Domestic architecture as a material culture artifact : its uses in the interpretation and teaching of American history.

No Thumbnail Available
Jones, James
Journal Title
Journal ISSN
Volume Title
Middle Tennessee State University
This history dissertation explores the interpretive and teaching uses of domestic architecture as it relates to American history. Chapters one and two trace the use of artifacts by historians from Niebuhr to 1983. They show the historiography of the utilization of material culture artifacts by historians. They demonstrate that the use of artifacts is accepted by historians. To be properly employed, artifacts must be placed in context and studied with a multidisciplinary methodology.
Chapter three discusses architecture, values, and the development of an American vernacular aesthetic. Values are reflected in architecture, but it is simplistic to assume that any one architectural style reflects what are called core values. The architecture of the Romantic Revival, for example, expressed subordinate values.
Chapter four explores relationships between American culture, life styles, and architectural reform. It demonstrates that the values, life style, and reform of Andrew Jackson Downing were atypical. The domestic architectural reform Downing led was not accepted because it expressed alien values.
Chapter five focuses upon architecture, value conflict, and antebellum reform, relating the patterns of pre-Civil War reform and architecture to the culture and politics of the Jacksonian era. It shows that architectural reform, like most other antebellum reforms, was motivated by status-anxiety and social conservatism.

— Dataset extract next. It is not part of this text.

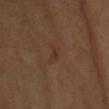No biopsy was performed on this lesion — it was imaged during a full skin examination and was not determined to be concerning. The total-body-photography lesion software estimated a lesion area of about 2.5 mm², a shape eccentricity near 0.9, and two-axis asymmetry of about 0.5. It also reported a mean CIELAB color near L≈33 a*≈17 b*≈28, roughly 5 lightness units darker than nearby skin, and a normalized lesion–skin contrast near 5. The lesion's longest dimension is about 2.5 mm. A 15 mm crop from a total-body photograph taken for skin-cancer surveillance. A female patient aged 53 to 57. From the left forearm.

This placed the reform in conflict with the American liberal tradition.
Chapter six discusses the process of value change, relating it to patterns of house form and the feminization of American culture. It shows that Catherine E. Beecher expressed American core values and strengthened the cult of domesticity by transforming architecture into a cultural tension management device. As American culture was feminized, so was domestic architecture.
Chapter seven explores the ways in which domestic architecture, some of its associated artifacts, and mail-order catalogs can be employed in the teaching of survey courses. Factual and interpretive material is presented to suggest how artifacts can be employed in a criterion-referenced teaching method.